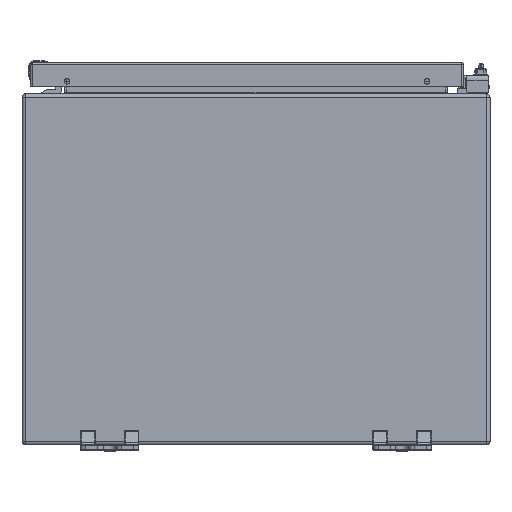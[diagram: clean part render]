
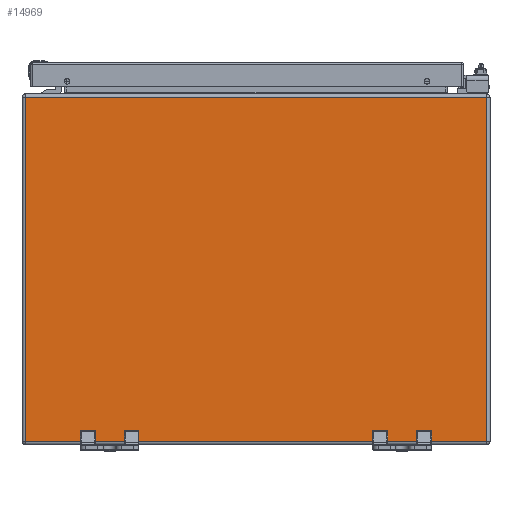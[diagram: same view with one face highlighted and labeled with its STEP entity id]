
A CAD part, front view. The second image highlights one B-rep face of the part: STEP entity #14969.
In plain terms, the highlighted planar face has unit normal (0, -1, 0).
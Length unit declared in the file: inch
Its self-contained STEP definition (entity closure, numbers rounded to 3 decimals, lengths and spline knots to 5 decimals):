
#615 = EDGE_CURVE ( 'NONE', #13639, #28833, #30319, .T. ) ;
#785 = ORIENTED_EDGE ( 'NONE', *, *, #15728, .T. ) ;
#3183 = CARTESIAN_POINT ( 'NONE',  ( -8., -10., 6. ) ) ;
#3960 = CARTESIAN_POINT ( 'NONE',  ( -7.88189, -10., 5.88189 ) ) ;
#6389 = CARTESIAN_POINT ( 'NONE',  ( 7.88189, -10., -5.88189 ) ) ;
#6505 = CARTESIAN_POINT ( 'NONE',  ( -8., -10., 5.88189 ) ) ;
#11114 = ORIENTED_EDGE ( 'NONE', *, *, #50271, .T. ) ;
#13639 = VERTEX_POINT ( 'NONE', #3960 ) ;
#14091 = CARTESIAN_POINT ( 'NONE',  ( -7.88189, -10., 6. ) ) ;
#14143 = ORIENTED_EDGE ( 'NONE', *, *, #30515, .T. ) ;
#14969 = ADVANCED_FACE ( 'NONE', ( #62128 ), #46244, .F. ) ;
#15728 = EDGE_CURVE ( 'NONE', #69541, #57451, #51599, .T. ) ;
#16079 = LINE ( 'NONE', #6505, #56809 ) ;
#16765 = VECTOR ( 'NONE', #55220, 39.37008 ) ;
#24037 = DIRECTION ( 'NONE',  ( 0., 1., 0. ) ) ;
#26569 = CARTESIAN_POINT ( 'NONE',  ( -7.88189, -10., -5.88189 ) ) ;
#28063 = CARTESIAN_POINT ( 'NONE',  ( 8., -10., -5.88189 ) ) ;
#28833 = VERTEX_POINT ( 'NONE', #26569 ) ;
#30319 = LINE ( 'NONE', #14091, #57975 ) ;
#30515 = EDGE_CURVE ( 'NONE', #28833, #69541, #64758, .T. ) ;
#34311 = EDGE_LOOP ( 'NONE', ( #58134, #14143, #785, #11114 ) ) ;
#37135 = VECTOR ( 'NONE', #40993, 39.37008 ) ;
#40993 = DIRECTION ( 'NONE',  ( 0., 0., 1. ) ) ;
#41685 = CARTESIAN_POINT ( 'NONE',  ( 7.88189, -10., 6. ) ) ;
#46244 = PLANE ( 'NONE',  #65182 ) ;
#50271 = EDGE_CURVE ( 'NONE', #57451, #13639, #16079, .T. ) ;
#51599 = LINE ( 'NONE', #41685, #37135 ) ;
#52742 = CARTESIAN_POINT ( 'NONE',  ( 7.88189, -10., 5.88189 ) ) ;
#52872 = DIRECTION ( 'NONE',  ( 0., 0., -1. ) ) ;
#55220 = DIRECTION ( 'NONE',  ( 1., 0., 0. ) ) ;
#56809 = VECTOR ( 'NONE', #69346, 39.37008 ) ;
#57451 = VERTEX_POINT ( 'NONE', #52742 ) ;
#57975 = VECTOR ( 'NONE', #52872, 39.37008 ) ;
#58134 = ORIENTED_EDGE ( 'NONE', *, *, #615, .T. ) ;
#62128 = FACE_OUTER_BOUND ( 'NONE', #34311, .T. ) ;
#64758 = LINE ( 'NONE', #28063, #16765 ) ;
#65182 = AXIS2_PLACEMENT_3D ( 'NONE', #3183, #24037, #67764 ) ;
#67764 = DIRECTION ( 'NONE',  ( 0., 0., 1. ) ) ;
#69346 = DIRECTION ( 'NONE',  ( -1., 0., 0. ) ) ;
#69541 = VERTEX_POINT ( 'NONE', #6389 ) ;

...

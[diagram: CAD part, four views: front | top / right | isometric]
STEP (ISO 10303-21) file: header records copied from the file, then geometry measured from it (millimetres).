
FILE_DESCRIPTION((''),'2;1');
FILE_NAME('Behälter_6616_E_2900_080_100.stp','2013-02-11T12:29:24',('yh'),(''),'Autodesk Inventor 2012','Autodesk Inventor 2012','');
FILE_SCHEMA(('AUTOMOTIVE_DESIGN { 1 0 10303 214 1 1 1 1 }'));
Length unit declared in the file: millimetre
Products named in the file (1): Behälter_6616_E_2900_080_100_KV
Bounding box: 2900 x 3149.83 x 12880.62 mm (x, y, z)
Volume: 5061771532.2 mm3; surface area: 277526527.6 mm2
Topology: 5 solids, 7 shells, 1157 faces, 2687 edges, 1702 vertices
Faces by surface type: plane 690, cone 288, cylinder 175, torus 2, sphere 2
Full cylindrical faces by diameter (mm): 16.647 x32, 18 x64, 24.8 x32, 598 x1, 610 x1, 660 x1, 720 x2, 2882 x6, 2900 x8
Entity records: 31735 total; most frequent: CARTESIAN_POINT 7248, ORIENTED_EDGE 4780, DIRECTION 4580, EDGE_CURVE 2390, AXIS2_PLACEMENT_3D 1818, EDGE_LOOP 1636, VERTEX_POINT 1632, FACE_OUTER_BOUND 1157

→ **How to complete this task**: Using the entries above, transcribe every line from the line containing "[diagram: clean part render]" through the line containing "Length unit declared in the file: inch". Do not copy pictures.

→ **Task answer**:
[diagram: clean part render]
[diagram: same view with one face highlighted and labeled with its STEP entity id]
A CAD part, front view. The second image highlights one B-rep face of the part: STEP entity #14969.
In plain terms, the highlighted planar face has unit normal (0, -1, 0).
Length unit declared in the file: inch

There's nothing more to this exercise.